Given data –

____

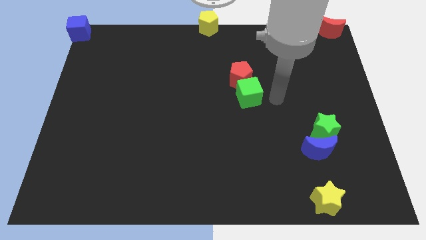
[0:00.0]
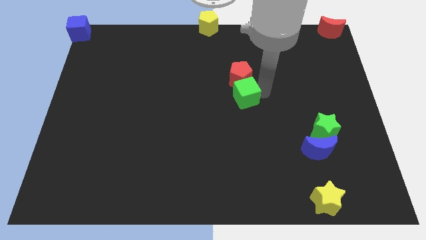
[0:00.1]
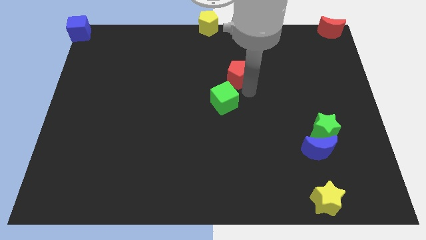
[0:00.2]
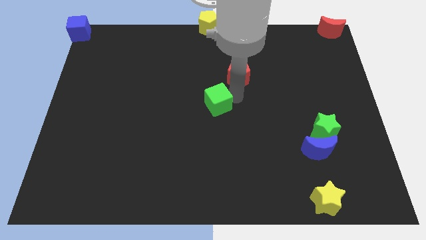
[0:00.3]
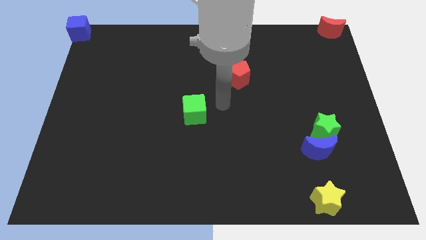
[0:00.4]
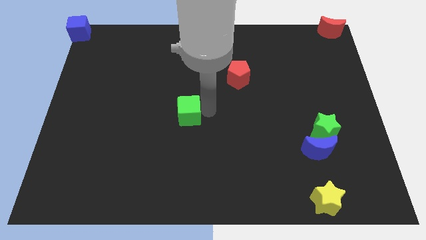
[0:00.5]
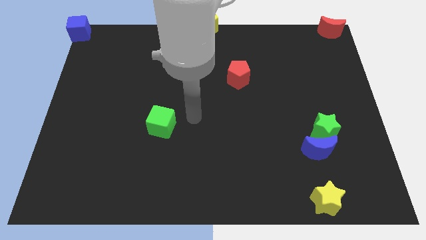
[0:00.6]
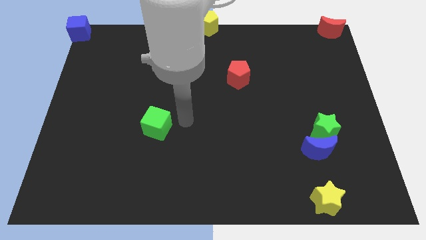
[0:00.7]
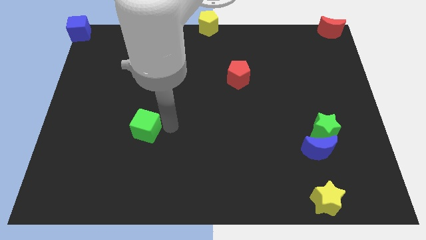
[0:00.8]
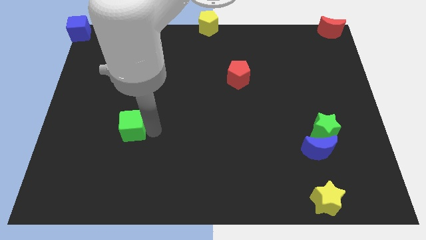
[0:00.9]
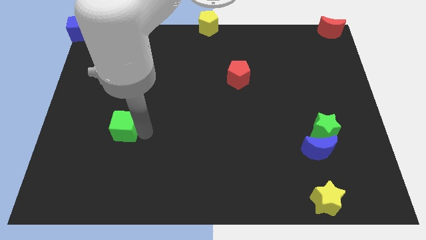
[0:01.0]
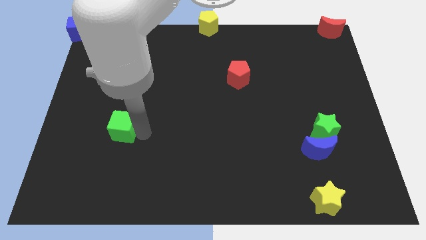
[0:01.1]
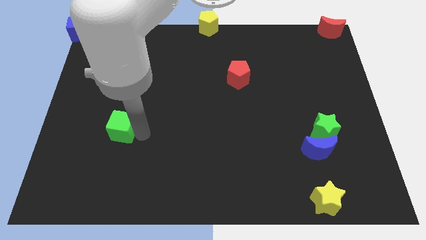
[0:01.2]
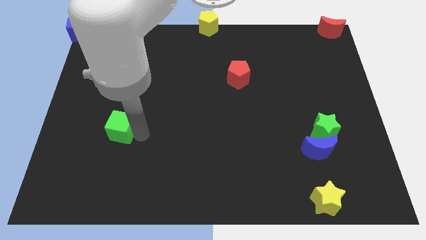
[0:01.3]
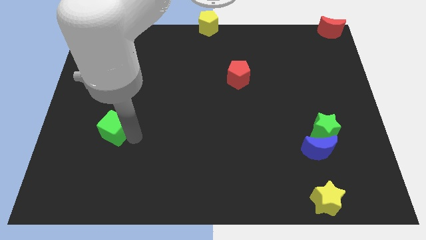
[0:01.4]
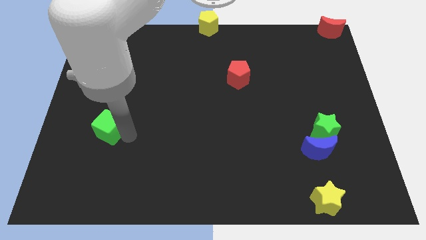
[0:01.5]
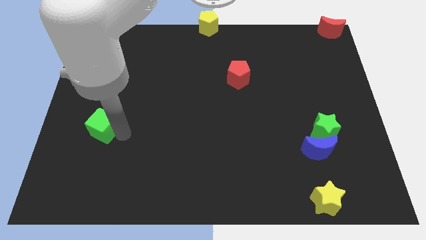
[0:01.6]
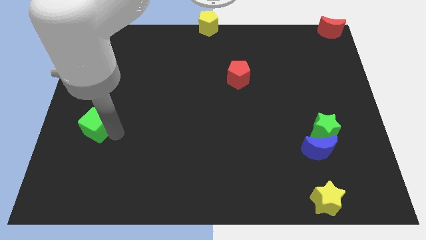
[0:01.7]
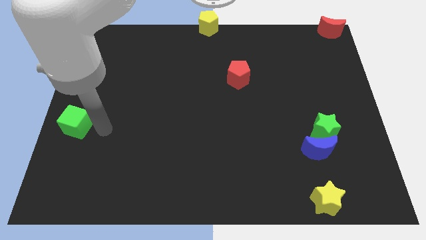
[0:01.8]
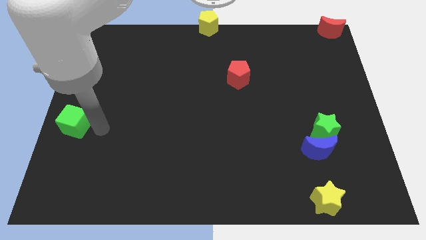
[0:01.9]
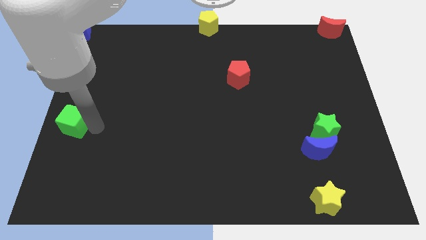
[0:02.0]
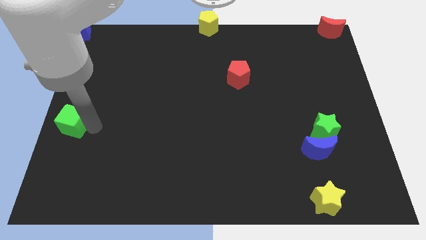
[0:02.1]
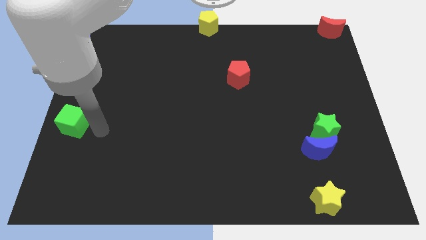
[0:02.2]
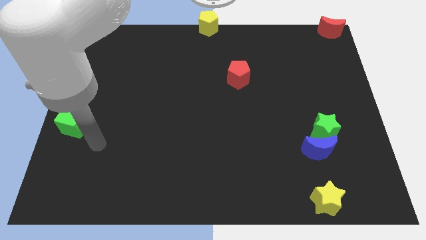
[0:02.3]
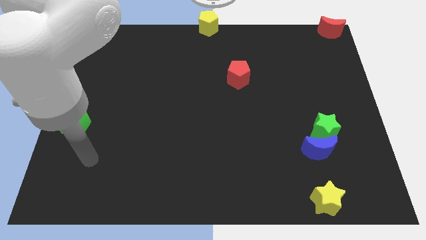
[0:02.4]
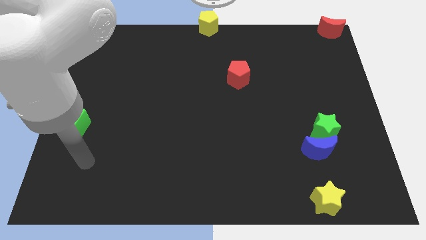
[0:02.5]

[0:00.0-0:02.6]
place the green cube on the middle left

____

What the task asks – Transcribe every record above exactly as written, leaving out any pictures.

Solution to this exercise –
[0:00.0]
[0:00.1]
[0:00.2]
[0:00.3]
[0:00.4]
[0:00.5]
[0:00.6]
[0:00.7]
[0:00.8]
[0:00.9]
[0:01.0]
[0:01.1]
[0:01.2]
[0:01.3]
[0:01.4]
[0:01.5]
[0:01.6]
[0:01.7]
[0:01.8]
[0:01.9]
[0:02.0]
[0:02.1]
[0:02.2]
[0:02.3]
[0:02.4]
[0:02.5]

[0:00.0-0:02.6]
place the green cube on the middle left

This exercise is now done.